Ohne Kooperation ist keine Lösung möglich

In Nordafrika und Nahost gibt es genug Trinkwasser für Generationen, wenn die Ressourcen sparsam und effizient bewirtschaftet werden. Fathi Zereini, ein aus Palästina stammender Frankfurter Mineraloge, erläutert im Gespräch mit Hans Dembowski die Perspektiven.

Der Jordan, Foto: dpa
Heiß umkämpft - auf das Wasser des Jordan und das seiner Zuflüsse erheben Israel, Jordanien, Syrien und der Libanon Anspruch.

​​In den letzten Jahren hörte man oft, Kriege würden künftig um Wasser und nicht um Öl geführt. Was meinen Sie?

Fathi Zereini: Es ist eigentlich genug Wasser vorhanden. Aber Wasser wird als Waffe in politischen Konflikten benutzt – beispielsweise im Nahen Osten oder in Afrika. Die Regierungen haben die Konflikte vielleicht noch unter Kontrolle, aber wir wissen nicht, wie sich die Sache weiterentwickelt.

Es gibt Streit um Jordanwasser, um Nilwasser, um Flüsse aus der Türkei ...

Zereini: In der ganzen Region gibt es Wassersorgen. Aber eine vernünftige Politik mit einer sinnvollen Infrastruktur könnte die Probleme lösen. Wichtig ist vor allem, dass Wasser nicht sinnlos verschwendet wird. Es ist Unfug, fossiles Grundwasser aus der Sahara zu verwenden, um in Libyen Getreide anzubauen. Mit fossilem, nicht erneuerbarem Wasser müssen keine Erdbeeren in Saudi-Arabien bewässert werden. Südjordanien ist eigentlich zu trocken, um dort Kartoffeln anzubauen. Würde der Preis des Wassers realistisch in Rechnung gestellt, wären alle diese Agrarprodukte unerschwinglich. Sie sollten von dort importiert werden, wo es keinen Wassermangel gibt. Aber es gibt bislang kein Gefühl für den Wert des Wassers. Die Leute denken: „Es ist da, es gehört uns, wir machen damit, was wir wollen.“ Wasser wird verschwendet – ohne Gedanken daran, was in zehn, geschweige denn in hundert Jahren passiert.

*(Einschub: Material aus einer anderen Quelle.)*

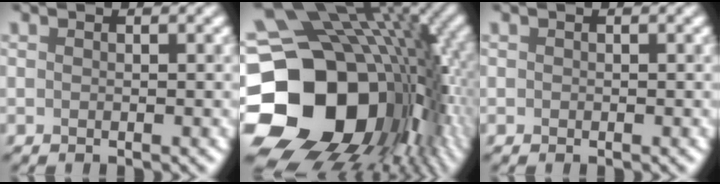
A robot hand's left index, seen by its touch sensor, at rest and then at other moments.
{"total": 21.0, "force": [-3.3, 15.6, 13.6], "torque": [-0.273, -0.019, -0.043]}
{"total": 0.0}
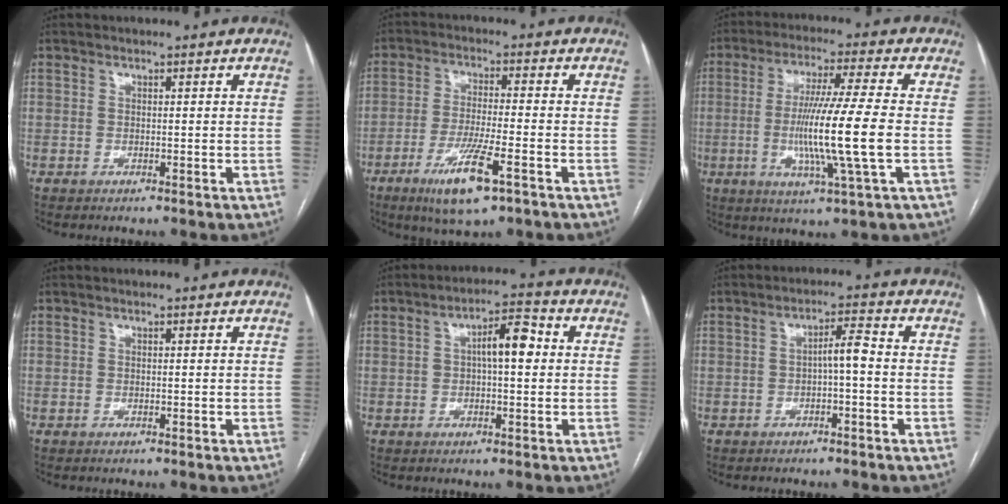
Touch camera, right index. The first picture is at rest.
{"total": 9.7, "force": [-5.2, 1.1, 8.2], "torque": [-0.155, -0.021, -0.088]}
{"total": 13.2, "force": [-1.8, -1.2, 13.0], "torque": [-0.248, -0.015, -0.039]}
{"total": 0.0}
{"total": 6.1, "force": [0.8, 1.8, 5.8], "torque": [-0.096, 0.025, 0.012]}
{"total": 3.4, "force": [-0.5, 0.5, 3.3], "torque": [-0.052, 0.011, -0.008]}
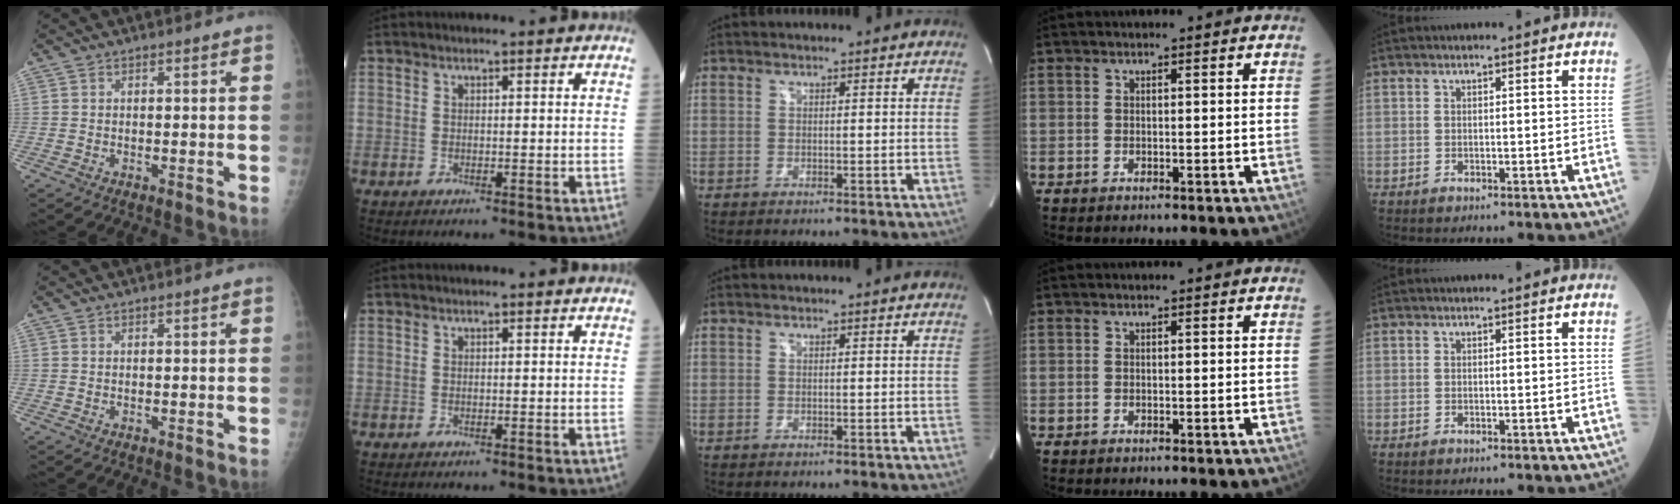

Damit das Wasser für alle Menschen reicht, muss die Bewässerungslandwirtschaft zurückgefahren werden?

Sudanesischer Bauer mit Baumwolle, Foto: dpa
Trotz Wasserknappheit werden in vielen Ländrn der Region landwirtschaftliche Produkte, wie Baumwolle, Weizen oder auch Tomaten angebaut.

​​Zereini: In der Region Nahost/Nordafrika werden 70 Prozent der Wasserreserven landwirtschaftlich genutzt. Das ist eine enorm hohe Quote. Das Kilo Tomaten wird dort für ein paar Cent verkauft. Die Bauern verdienen fast nichts daran, aber sie verbrauchen eine riesige Menge an Wasser, das sie nicht bezahlen. Wer nichts oder deutlich zu wenig zahlt, achtet nicht auf Sparmöglichkeiten.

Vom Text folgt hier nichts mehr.